DATASET RECORDS: Begin
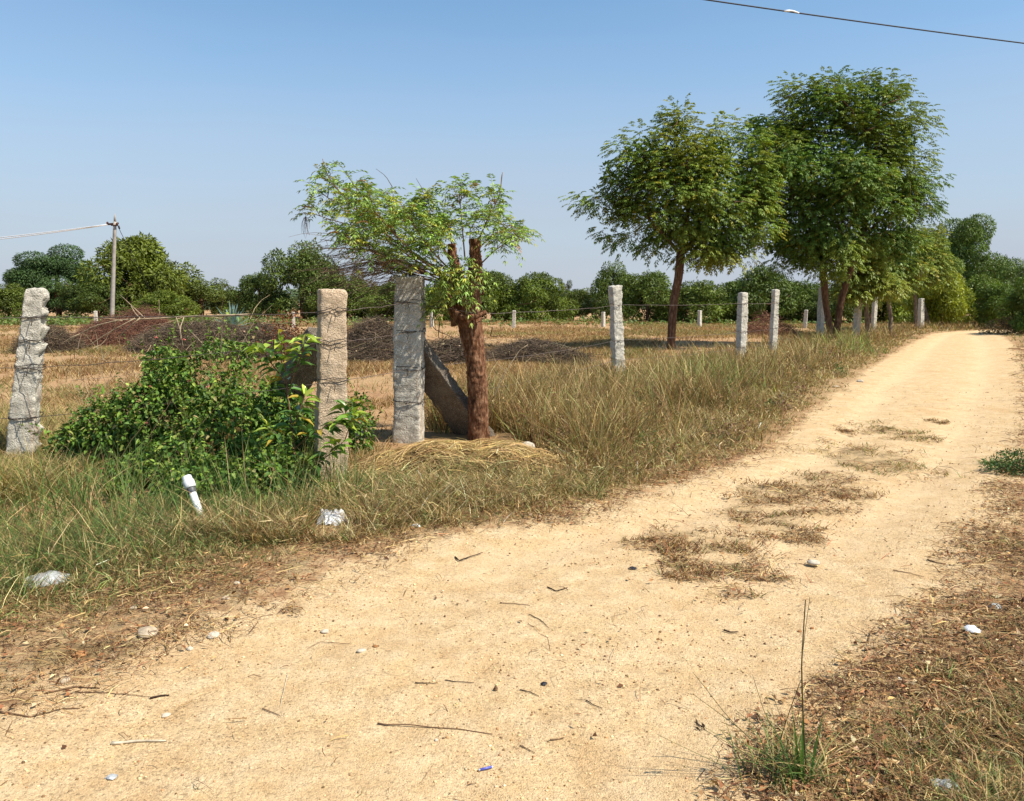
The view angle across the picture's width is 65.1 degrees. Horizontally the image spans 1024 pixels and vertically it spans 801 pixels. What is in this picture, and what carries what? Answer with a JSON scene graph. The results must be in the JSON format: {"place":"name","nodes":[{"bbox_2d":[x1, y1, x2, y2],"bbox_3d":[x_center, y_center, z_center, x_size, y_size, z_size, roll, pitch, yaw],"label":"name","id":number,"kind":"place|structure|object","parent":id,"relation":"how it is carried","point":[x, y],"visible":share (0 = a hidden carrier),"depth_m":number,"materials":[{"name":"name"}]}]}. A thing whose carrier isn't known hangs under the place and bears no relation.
{"place":"outdoors","nodes":[
{"label":"outdoors","id":0,"kind":"place"},
{"bbox_2d":[0,391,314,506],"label":"golden grass","id":1,"kind":"structure","parent":0,"point":[53,423],"depth_m":7.01,"materials":[{"name":"plant"}]},
{"bbox_2d":[0,318,1006,463],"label":"field grass","id":2,"kind":"structure","parent":0,"point":[656,330],"depth_m":21.68,"materials":[{"name":"plant"}]},
{"bbox_2d":[218,301,253,327],"bbox_3d":[-10.388,-3.190,29.844,1.396,1.090,1.563,-5,9,-35],"label":"agave","id":3,"kind":"object","parent":2,"relation":"on","point":[233,318],"visible":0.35,"depth_m":29.72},
{"bbox_2d":[0,330,1023,800],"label":"dirt track","id":4,"kind":"structure","parent":0,"point":[942,374],"depth_m":3.59,"materials":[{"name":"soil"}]},
{"bbox_2d":[111,740,165,744],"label":"twig","id":5,"kind":"object","parent":4,"relation":"on","point":[120,742],"visible":1,"depth_m":2.86,"materials":[{"name":"white wood"}]},
{"bbox_2d":[377,723,491,733],"bbox_3d":[-0.285,1.207,2.960,0.438,0.010,0.016,1,7,10],"label":"twig","id":6,"kind":"object","parent":4,"relation":"on","point":[431,727],"visible":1,"depth_m":2.97,"materials":[{"name":"brown wood"}]},
{"bbox_2d":[0,300,1023,800],"bbox_3d":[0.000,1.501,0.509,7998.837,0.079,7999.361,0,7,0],"label":"ground","id":7,"kind":"structure","parent":0,"point":[350,566],"depth_m":4.40,"materials":[{"name":"soil"}]},
{"bbox_2d":[0,283,26,317],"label":"mango tree","id":8,"kind":"object","parent":7,"relation":"on","point":[14,301],"visible":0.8,"depth_m":58.84,"materials":[{"name":"green plant"}]},
{"bbox_2d":[6,288,49,456],"bbox_3d":[-4.644,-0.125,7.700,0.486,1.901,0.301,-2,7,-14],"label":"fence post","id":9,"kind":"object","parent":7,"relation":"on","point":[25,400],"visible":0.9,"depth_m":7.61,"materials":[{"name":"stone"}]},
{"bbox_2d":[0,708,79,716],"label":"twig","id":10,"kind":"object","parent":7,"relation":"on","point":[34,715],"visible":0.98,"depth_m":3.02,"materials":[{"name":"brown wood"}]},
{"bbox_2d":[21,570,69,588],"bbox_3d":[-2.589,0.980,4.466,0.251,0.041,0.246,-4,8,-28],"label":"plastic sheet","id":11,"kind":"object","parent":7,"relation":"on","point":[52,575],"visible":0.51,"depth_m":4.44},
{"bbox_2d":[0,322,98,353],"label":"brushwood heap","id":12,"kind":"object","parent":7,"relation":"on","point":[57,338],"visible":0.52,"depth_m":23.70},
{"bbox_2d":[2,243,98,316],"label":"acacia tree","id":13,"kind":"object","parent":7,"relation":"on","point":[40,271],"visible":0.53,"depth_m":68.94,"materials":[{"name":"green plant"}]},
{"bbox_2d":[45,686,99,693],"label":"twig","id":14,"kind":"object","parent":7,"relation":"on","point":[68,688],"visible":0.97,"depth_m":3.21,"materials":[{"name":"brown wood"}]},
{"bbox_2d":[54,280,136,316],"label":"orchard tree","id":15,"kind":"object","parent":7,"relation":"on","point":[83,299],"visible":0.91,"depth_m":64.20,"materials":[{"name":"green plant"}]},
{"bbox_2d":[69,301,175,346],"bbox_3d":[-13.845,-2.693,28.906,4.335,1.749,5.156,0,7,0],"label":"brushwood heap","id":16,"kind":"object","parent":7,"relation":"on","point":[137,327],"visible":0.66,"depth_m":27.75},
{"bbox_2d":[60,300,247,348],"bbox_3d":[-3.440,-0.659,7.570,1.933,0.676,0.420,0,7,3],"label":"dry branch","id":17,"kind":"object","parent":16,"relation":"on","point":[176,317],"visible":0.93,"depth_m":7.53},
{"bbox_2d":[106,214,151,316],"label":"power pole","id":18,"kind":"object","parent":7,"relation":"on","point":[114,224],"visible":0.91,"depth_m":59.18,"materials":[{"name":"concrete"}]},
{"bbox_2d":[0,225,105,239],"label":"power line","id":19,"kind":"object","parent":18,"relation":"attached to","point":[52,232],"visible":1,"depth_m":60.08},
{"bbox_2d":[0,224,106,237],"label":"power line","id":20,"kind":"object","parent":18,"relation":"attached to","point":[53,231],"visible":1,"depth_m":59.88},
{"bbox_2d":[73,231,204,316],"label":"mango tree","id":21,"kind":"object","parent":7,"relation":"on","point":[158,271],"visible":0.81,"depth_m":67.17,"materials":[{"name":"green plant"}]},
{"bbox_2d":[137,626,157,638],"bbox_3d":[-1.690,1.077,3.726,0.096,0.047,0.112,-6,9,-40],"label":"stone","id":22,"kind":"object","parent":7,"relation":"on","point":[142,631],"visible":0.9,"depth_m":3.70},
{"bbox_2d":[126,290,201,316],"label":"mango tree","id":23,"kind":"object","parent":7,"relation":"on","point":[167,305],"visible":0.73,"depth_m":60.39,"materials":[{"name":"green plant"}]},
{"bbox_2d":[108,317,244,353],"bbox_3d":[-9.704,-2.013,24.876,4.828,1.287,4.712,0,7,0],"label":"brushwood heap","id":24,"kind":"object","parent":7,"relation":"on","point":[148,338],"visible":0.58,"depth_m":23.73,"materials":[{"name":"wood"}]},
{"bbox_2d":[182,474,204,519],"bbox_3d":[-2.241,0.765,5.737,0.320,0.450,0.080,5,9,36],"label":"plastic pipe","id":25,"kind":"object","parent":7,"relation":"on","point":[188,479],"visible":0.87,"depth_m":5.74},
{"bbox_2d":[18,299,383,501],"bbox_3d":[-2.954,-0.035,7.182,3.285,1.740,2.541,0,7,0],"label":"bush","id":26,"kind":"object","parent":7,"relation":"on","point":[157,389],"visible":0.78,"depth_m":7.18,"materials":[{"name":"green plant"}]},
{"bbox_2d":[50,297,363,431],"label":"dry weeds","id":27,"kind":"object","parent":7,"relation":"on","point":[122,369],"visible":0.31,"depth_m":8.55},
{"bbox_2d":[180,277,243,315],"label":"orchard tree","id":28,"kind":"object","parent":7,"relation":"on","point":[217,296],"visible":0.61,"depth_m":72.83,"materials":[{"name":"green plant"}]},
{"bbox_2d":[207,631,219,638],"bbox_3d":[-1.383,1.090,3.716,0.054,0.031,0.064,0,7,3],"label":"stone","id":29,"kind":"object","parent":7,"relation":"on","point":[215,633],"visible":0.94,"depth_m":3.70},
{"bbox_2d":[0,419,486,644],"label":"green grass","id":30,"kind":"structure","parent":7,"relation":"on","point":[82,543],"depth_m":5.20,"materials":[{"name":"plant"}]},
{"bbox_2d":[200,318,300,360],"bbox_3d":[-6.840,-1.649,21.897,3.272,1.365,4.079,0,7,0],"label":"brushwood heap","id":31,"kind":"object","parent":7,"relation":"on","point":[258,335],"visible":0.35,"depth_m":21.30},
{"bbox_2d":[225,271,291,318],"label":"orchard tree","id":32,"kind":"object","parent":7,"relation":"on","point":[251,282],"visible":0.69,"depth_m":64.59,"materials":[{"name":"green plant"}]},
{"bbox_2d":[242,327,316,439],"bbox_3d":[-2.194,-0.069,7.816,1.199,1.314,0.378,4,8,32],"label":"stone brace","id":33,"kind":"object","parent":7,"relation":"on","point":[306,374],"visible":0.24,"depth_m":7.62,"materials":[{"name":"stone"}]},
{"bbox_2d":[254,309,314,374],"bbox_3d":[-3.022,-0.546,11.049,0.874,1.434,0.915,5,8,32],"label":"withered plant","id":34,"kind":"object","parent":7,"relation":"on","point":[283,326],"visible":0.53,"depth_m":10.94,"materials":[{"name":"brown plant"}]},
{"bbox_2d":[258,240,339,319],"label":"orchard tree","id":35,"kind":"object","parent":7,"relation":"on","point":[306,259],"visible":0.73,"depth_m":63.43,"materials":[{"name":"green plant"}]},
{"bbox_2d":[242,325,368,500],"bbox_3d":[-1.665,0.115,6.470,1.114,1.435,0.704,0,7,0],"label":"sapling","id":36,"kind":"object","parent":7,"relation":"on","point":[330,426],"visible":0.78,"depth_m":6.44,"materials":[{"name":"green plant"}]},
{"bbox_2d":[314,288,348,478],"bbox_3d":[-1.567,-0.013,6.958,0.318,1.900,0.298,-3,8,-19],"label":"fence post","id":37,"kind":"object","parent":7,"relation":"on","point":[331,356],"visible":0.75,"depth_m":6.84,"materials":[{"name":"beige stone"}]},
{"bbox_2d":[317,509,347,525],"bbox_3d":[-1.270,0.808,5.648,0.256,0.098,0.197,0,7,0],"label":"plastic bag","id":38,"kind":"object","parent":7,"relation":"on","point":[333,514],"visible":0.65,"depth_m":5.60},
{"bbox_2d":[301,274,378,318],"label":"mango tree","id":39,"kind":"object","parent":7,"relation":"on","point":[312,305],"visible":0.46,"depth_m":61.66,"materials":[{"name":"green plant"}]},
{"bbox_2d":[346,314,393,362],"bbox_3d":[-3.595,-1.639,20.973,3.169,1.381,3.659,0,7,0],"label":"brushwood heap","id":40,"kind":"object","parent":7,"relation":"on","point":[380,348],"visible":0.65,"depth_m":20.30,"materials":[{"name":"wood"}]},
{"bbox_2d":[349,257,398,305],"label":"young tree","id":41,"kind":"object","parent":7,"relation":"on","point":[375,275],"visible":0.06,"depth_m":66.49,"materials":[{"name":"green plant"}]},
{"bbox_2d":[359,281,437,319],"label":"mango tree","id":42,"kind":"object","parent":7,"relation":"on","point":[385,311],"visible":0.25,"depth_m":58.34,"materials":[{"name":"green plant"}]},
{"bbox_2d":[10,284,802,309],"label":"distant woods","id":43,"kind":"object","parent":7,"relation":"on","point":[292,292],"visible":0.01,"depth_m":121.87,"materials":[{"name":"green plant"}]},
{"bbox_2d":[392,276,425,443],"bbox_3d":[-1.125,-0.322,8.780,0.377,2.066,0.353,0,7,0],"label":"fence post","id":44,"kind":"object","parent":7,"relation":"on","point":[408,388],"visible":0.89,"depth_m":8.65,"materials":[{"name":"stone"}]},
{"bbox_2d":[0,369,404,418],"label":"barbed wire","id":45,"kind":"object","parent":44,"relation":"attached to","point":[210,397],"visible":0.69,"depth_m":7.27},
{"bbox_2d":[0,302,407,318],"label":"barbed wire","id":46,"kind":"object","parent":44,"relation":"attached to","point":[197,316],"visible":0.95,"depth_m":7.18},
{"bbox_2d":[7,332,407,368],"bbox_3d":[-6.170,-0.483,8.013,10.021,0.358,1.869,0,7,4],"label":"barbed wire","id":47,"kind":"object","parent":44,"relation":"attached to","point":[194,355],"visible":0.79,"depth_m":7.26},
{"bbox_2d":[422,303,769,313],"bbox_3d":[2.537,-1.734,14.595,1.232,0.148,14.170,4,8,31],"label":"barbed wire","id":48,"kind":"object","parent":44,"relation":"attached to","point":[584,308],"visible":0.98,"depth_m":11.29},
{"bbox_2d":[446,328,774,364],"bbox_3d":[2.428,-1.093,14.757,0.875,0.093,14.187,5,9,33],"label":"barbed wire","id":49,"kind":"object","parent":44,"relation":"attached to","point":[602,343],"visible":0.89,"depth_m":14.30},
{"bbox_2d":[288,159,544,440],"bbox_3d":[-1.151,-1.050,9.149,2.734,3.234,2.688,-2,8,-19],"label":"pollarded tree","id":50,"kind":"object","parent":7,"relation":"on","point":[468,289],"visible":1,"depth_m":8.48,"materials":[{"name":"green plant"}]},
{"bbox_2d":[425,281,454,320],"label":"mango tree","id":51,"kind":"object","parent":7,"relation":"on","point":[430,295],"visible":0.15,"depth_m":59.62,"materials":[{"name":"green plant"}]},
{"bbox_2d":[423,340,495,436],"bbox_3d":[-0.684,0.034,9.191,1.199,1.491,0.480,-4,8,-27],"label":"stone brace","id":52,"kind":"object","parent":7,"relation":"on","point":[445,392],"visible":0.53,"depth_m":9.04,"materials":[{"name":"stone"}]},
{"bbox_2d":[426,331,502,364],"bbox_3d":[-1.553,-1.274,20.012,2.952,0.912,3.250,0,7,0],"label":"brushwood heap","id":53,"kind":"object","parent":7,"relation":"on","point":[446,352],"visible":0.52,"depth_m":19.30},
{"bbox_2d":[311,436,624,498],"bbox_3d":[-0.398,0.529,7.227,2.802,0.351,2.545,0,7,0],"label":"straw heap","id":54,"kind":"object","parent":7,"relation":"on","point":[469,455],"visible":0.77,"depth_m":7.04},
{"bbox_2d":[0,312,974,326],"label":"green weeds","id":55,"kind":"object","parent":7,"relation":"on","point":[60,321],"visible":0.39,"depth_m":50.56,"materials":[{"name":"green plant"}]},
{"bbox_2d":[480,268,531,321],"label":"mango tree","id":56,"kind":"object","parent":7,"relation":"on","point":[489,304],"visible":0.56,"depth_m":56.59,"materials":[{"name":"green plant"}]},
{"bbox_2d":[489,345,526,419],"bbox_3d":[-0.058,-0.162,9.674,0.506,1.022,0.050,-2,7,-12],"label":"dead stem","id":57,"kind":"object","parent":7,"relation":"on","point":[505,371],"visible":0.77,"depth_m":9.64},
{"bbox_2d":[0,347,1023,800],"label":"straw litter","id":58,"kind":"object","parent":7,"relation":"on","point":[868,779],"visible":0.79,"depth_m":3.67,"materials":[{"name":"plant"}]},
{"bbox_2d":[487,334,579,362],"bbox_3d":[0.451,-1.304,20.998,3.064,0.934,3.054,0,7,0],"label":"brushwood heap","id":59,"kind":"object","parent":7,"relation":"on","point":[511,349],"visible":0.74,"depth_m":20.31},
{"bbox_2d":[493,271,580,321],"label":"mango tree","id":60,"kind":"object","parent":7,"relation":"on","point":[545,297],"visible":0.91,"depth_m":56.67,"materials":[{"name":"green plant"}]},
{"bbox_2d":[96,325,988,545],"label":"short grass","id":61,"kind":"structure","parent":7,"relation":"on","point":[493,495],"depth_m":6.19,"materials":[{"name":"plant"}]},
{"bbox_2d":[557,277,572,294],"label":"young tree","id":62,"kind":"object","parent":7,"relation":"on","point":[567,287],"visible":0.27,"depth_m":64.93,"materials":[{"name":"green plant"}]},
{"bbox_2d":[535,339,602,364],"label":"brushwood heap","id":63,"kind":"object","parent":7,"relation":"on","point":[567,356],"visible":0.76,"depth_m":19.29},
{"bbox_2d":[545,287,599,319],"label":"orchard tree","id":64,"kind":"object","parent":7,"relation":"on","point":[581,295],"visible":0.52,"depth_m":60.83,"materials":[{"name":"green plant"}]},
{"bbox_2d":[601,312,605,326],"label":"boundary post","id":65,"kind":"object","parent":7,"relation":"on","point":[603,321],"visible":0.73,"depth_m":45.71,"materials":[{"name":"stone"}]},
{"bbox_2d":[590,260,642,319],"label":"orchard tree","id":66,"kind":"object","parent":7,"relation":"on","point":[602,283],"visible":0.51,"depth_m":58.69,"materials":[{"name":"green plant"}]},
{"bbox_2d":[608,285,624,373],"bbox_3d":[1.968,-1.106,14.962,0.314,2.078,0.270,-3,8,-20],"label":"fence post","id":67,"kind":"object","parent":7,"relation":"on","point":[615,296],"visible":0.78,"depth_m":14.87,"materials":[{"name":"stone"}]},
{"bbox_2d":[609,268,687,322],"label":"mango tree","id":68,"kind":"object","parent":7,"relation":"on","point":[647,288],"visible":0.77,"depth_m":53.94,"materials":[{"name":"green plant"}]},
{"bbox_2d":[558,93,792,349],"bbox_3d":[4.975,-5.330,24.539,7.229,7.762,4.235,0,7,0],"label":"neem tree","id":69,"kind":"object","parent":7,"relation":"on","point":[684,178],"visible":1,"depth_m":24.00,"materials":[{"name":"green plant"}]},
{"bbox_2d":[650,279,736,323],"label":"mango tree","id":70,"kind":"object","parent":7,"relation":"on","point":[699,294],"visible":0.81,"depth_m":52.10,"materials":[{"name":"green plant"}]},
{"bbox_2d":[697,310,701,326],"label":"boundary post","id":71,"kind":"object","parent":7,"relation":"on","point":[699,318],"visible":0.67,"depth_m":44.74,"materials":[{"name":"stone"}]},
{"bbox_2d":[423,319,1006,485],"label":"tall grass","id":72,"kind":"structure","parent":7,"relation":"on","point":[579,403],"depth_m":10.81,"materials":[{"name":"plant"}]},
{"bbox_2d":[701,279,752,320],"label":"mango tree","id":73,"kind":"object","parent":7,"relation":"on","point":[730,287],"visible":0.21,"depth_m":55.62,"materials":[{"name":"green plant"}]},
{"bbox_2d":[735,292,747,356],"bbox_3d":[5.315,-1.512,18.540,0.225,1.969,0.242,-4,8,-26],"label":"fence post","id":74,"kind":"object","parent":7,"relation":"on","point":[742,320],"visible":0.67,"depth_m":18.45,"materials":[{"name":"stone"}]},
{"bbox_2d":[720,265,804,321],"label":"mango tree","id":75,"kind":"object","parent":7,"relation":"on","point":[761,283],"visible":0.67,"depth_m":51.76,"materials":[{"name":"green plant"}]},
{"bbox_2d":[661,599,869,795],"bbox_3d":[0.872,0.940,2.680,0.603,0.658,0.578,5,9,33],"label":"grass tuft","id":76,"kind":"object","parent":7,"relation":"on","point":[800,763],"visible":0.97,"depth_m":2.61,"materials":[{"name":"plant"}]},
{"bbox_2d":[730,311,802,335],"bbox_3d":[11.420,-3.441,35.790,3.215,1.186,3.685,0,7,0],"label":"brushwood heap","id":77,"kind":"object","parent":7,"relation":"on","point":[751,326],"visible":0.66,"depth_m":35.45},
{"bbox_2d":[769,289,779,354],"bbox_3d":[6.699,-1.812,20.518,0.200,2.058,0.212,-3,8,-22],"label":"fence post","id":78,"kind":"object","parent":7,"relation":"on","point":[774,319],"visible":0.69,"depth_m":20.44,"materials":[{"name":"stone"}]},
{"bbox_2d":[767,278,820,322],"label":"mango tree","id":79,"kind":"object","parent":7,"relation":"on","point":[809,289],"visible":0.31,"depth_m":53.47,"materials":[{"name":"green plant"}]},
{"bbox_2d":[803,310,807,327],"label":"boundary post","id":80,"kind":"object","parent":7,"relation":"on","point":[805,318],"visible":0.78,"depth_m":43.70,"materials":[{"name":"stone"}]},
{"bbox_2d":[816,287,824,341],"bbox_3d":[10.682,-2.805,27.768,0.244,2.224,0.224,-3,8,-24],"label":"fence post","id":81,"kind":"object","parent":7,"relation":"on","point":[820,319],"visible":0.54,"depth_m":27.69,"materials":[{"name":"stone"}]},
{"bbox_2d":[790,282,864,321],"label":"orchard tree","id":82,"kind":"object","parent":7,"relation":"on","point":[812,312],"visible":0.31,"depth_m":51.04,"materials":[{"name":"green plant"}]},
{"bbox_2d":[726,65,956,340],"bbox_3d":[10.658,-6.217,26.353,7.364,9.330,5.082,-3,8,-26],"label":"neem tree","id":83,"kind":"object","parent":7,"relation":"on","point":[857,185],"visible":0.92,"depth_m":25.55,"materials":[{"name":"green plant"}]},
{"bbox_2d":[852,299,861,335],"bbox_3d":[13.480,-3.168,31.353,0.273,2.086,0.234,-3,8,-25],"label":"fence post","id":84,"kind":"object","parent":7,"relation":"on","point":[857,315],"visible":0.55,"depth_m":31.27,"materials":[{"name":"stone"}]},
{"bbox_2d":[827,231,916,336],"bbox_3d":[13.549,-4.423,30.720,3.304,4.223,2.529,0,7,0],"label":"roadside tree","id":85,"kind":"object","parent":7,"relation":"on","point":[873,280],"visible":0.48,"depth_m":30.25,"materials":[{"name":"green plant"}]},
{"bbox_2d":[871,297,877,328],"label":"fence post","id":86,"kind":"object","parent":7,"relation":"on","point":[874,313],"visible":0.53,"depth_m":36.73,"materials":[{"name":"stone"}]},
{"bbox_2d":[842,281,913,323],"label":"mango tree","id":87,"kind":"object","parent":7,"relation":"on","point":[898,316],"visible":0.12,"depth_m":52.24,"materials":[{"name":"green plant"}]},
{"bbox_2d":[783,331,1023,800],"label":"verge grass","id":88,"kind":"structure","parent":7,"relation":"on","point":[996,795],"depth_m":2.76,"materials":[{"name":"plant"}]},
{"bbox_2d":[872,221,939,331],"bbox_3d":[15.821,-5.130,33.745,3.991,4.867,2.430,0,7,0],"label":"roadside tree","id":89,"kind":"object","parent":7,"relation":"on","point":[908,276],"visible":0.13,"depth_m":33.42,"materials":[{"name":"green plant"}]},
{"bbox_2d":[918,298,924,326],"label":"fence post","id":90,"kind":"object","parent":7,"relation":"on","point":[921,309],"visible":0.6,"depth_m":43.64,"materials":[{"name":"stone"}]},
{"bbox_2d":[924,303,930,325],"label":"stone brace","id":91,"kind":"object","parent":90,"relation":"attached to","point":[927,318],"visible":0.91,"depth_m":44.02,"materials":[{"name":"stone"}]},
{"bbox_2d":[893,223,965,328],"bbox_3d":[20.268,-6.045,39.477,3.498,5.256,3.345,5,9,33],"label":"roadside tree","id":92,"kind":"object","parent":7,"relation":"on","point":[940,257],"visible":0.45,"depth_m":38.93,"materials":[{"name":"green plant"}]},
{"bbox_2d":[899,271,977,327],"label":"mango tree","id":93,"kind":"object","parent":7,"relation":"on","point":[943,306],"visible":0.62,"depth_m":43.85,"materials":[{"name":"green plant"}]},
{"bbox_2d":[865,636,1021,650],"bbox_3d":[1.954,1.099,3.675,0.778,0.013,0.089,-1,7,-8],"label":"twig","id":94,"kind":"object","parent":7,"relation":"on","point":[929,637],"visible":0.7,"depth_m":3.69,"materials":[{"name":"brown wood"}]},
{"bbox_2d":[930,778,957,791],"bbox_3d":[1.386,1.226,2.572,0.098,0.030,0.080,0,7,0],"label":"wrapper","id":95,"kind":"object","parent":7,"relation":"on","point":[942,782],"visible":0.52,"depth_m":2.56,"materials":[{"name":"white plastic"}]},
{"bbox_2d":[932,235,965,274],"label":"acacia tree","id":96,"kind":"object","parent":7,"relation":"on","point":[959,263],"visible":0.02,"depth_m":54.62,"materials":[{"name":"green plant"}]},
{"bbox_2d":[962,625,980,632],"bbox_3d":[2.159,1.067,3.760,0.081,0.023,0.065,0,7,0],"label":"paper scrap","id":97,"kind":"object","parent":7,"relation":"on","point":[972,628],"visible":1,"depth_m":3.75,"materials":[{"name":"paper"}]},
{"bbox_2d":[927,213,1018,285],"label":"acacia tree","id":98,"kind":"object","parent":7,"relation":"on","point":[965,236],"visible":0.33,"depth_m":59.45,"materials":[{"name":"green plant"}]},
{"bbox_2d":[949,274,1005,323],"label":"mango tree","id":99,"kind":"object","parent":7,"relation":"on","point":[972,282],"visible":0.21,"depth_m":50.80,"materials":[{"name":"green plant"}]},
{"bbox_2d":[975,281,1019,327],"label":"orchard tree","id":100,"kind":"object","parent":7,"relation":"on","point":[990,301],"visible":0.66,"depth_m":43.48,"materials":[{"name":"green plant"}]},
{"bbox_2d":[978,448,1023,476],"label":"roadside weed","id":101,"kind":"object","parent":7,"relation":"on","point":[1012,463],"visible":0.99,"depth_m":7.23,"materials":[{"name":"green plant"}]},
{"bbox_2d":[978,316,1023,333],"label":"dry bush","id":102,"kind":"object","parent":7,"relation":"on","point":[1001,328],"visible":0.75,"depth_m":36.73,"materials":[{"name":"brown plant"}]},
{"bbox_2d":[983,255,1018,286],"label":"orchard tree","id":103,"kind":"object","parent":7,"relation":"on","point":[1013,281],"visible":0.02,"depth_m":121.03,"materials":[{"name":"green plant"}]},
{"bbox_2d":[995,272,1023,333],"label":"orchard tree","id":104,"kind":"object","parent":7,"relation":"on","point":[1014,299],"visible":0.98,"depth_m":36.27,"materials":[{"name":"green plant"}]},
{"bbox_2d":[1006,258,1023,284],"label":"orchard tree","id":105,"kind":"object","parent":7,"relation":"on","point":[1020,269],"visible":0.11,"depth_m":127.81,"materials":[{"name":"green plant"}]},
{"bbox_2d":[0,0,1023,293],"label":"sky","id":106,"kind":"structure","parent":0,"point":[194,124],"materials":[{"name":"blue"}]},
{"bbox_2d":[620,418,1011,597],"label":"trampled grass","id":107,"kind":"structure","parent":0,"point":[670,546],"depth_m":5.63,"materials":[{"name":"plant"}]},
{"bbox_2d":[706,0,1023,43],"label":"overhead cable","id":108,"kind":"object","parent":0,"point":[792,11],"visible":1,"depth_m":8.98,"materials":[{"name":"plastic"}]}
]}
DATASET RECORDS: End
* **YOUR OBJECTIVE**:
Looking at the records above, work out how many lines hold "straw" and write only that number.

* **ANSWER SPACE**:
2